[Dataset excerpts]
[Start of Attachment]

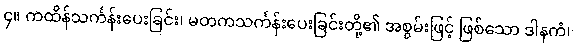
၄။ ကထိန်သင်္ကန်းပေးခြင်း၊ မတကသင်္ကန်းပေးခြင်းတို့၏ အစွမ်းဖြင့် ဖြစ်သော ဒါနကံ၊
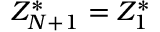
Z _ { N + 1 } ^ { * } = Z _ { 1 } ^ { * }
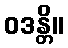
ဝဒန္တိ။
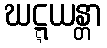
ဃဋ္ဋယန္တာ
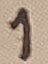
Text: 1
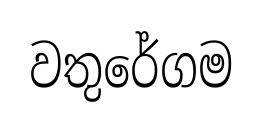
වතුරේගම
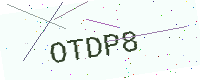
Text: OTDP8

[End of Attachment]

From the first line to the last, write out the data exactly, omitting any pictures.

၄။ ကထိန်သင်္ကန်းပေးခြင်း၊ မတကသင်္ကန်းပေးခြင်းတို့၏ အစွမ်းဖြင့် ဖြစ်သော ဒါနကံ၊
Z _ { N + 1 } ^ { * } = Z _ { 1 } ^ { * }
ဝဒန္တိ။
ဃဋ္ဋယန္တာ
Text: 1
වතුරේගම
Text: OTDP8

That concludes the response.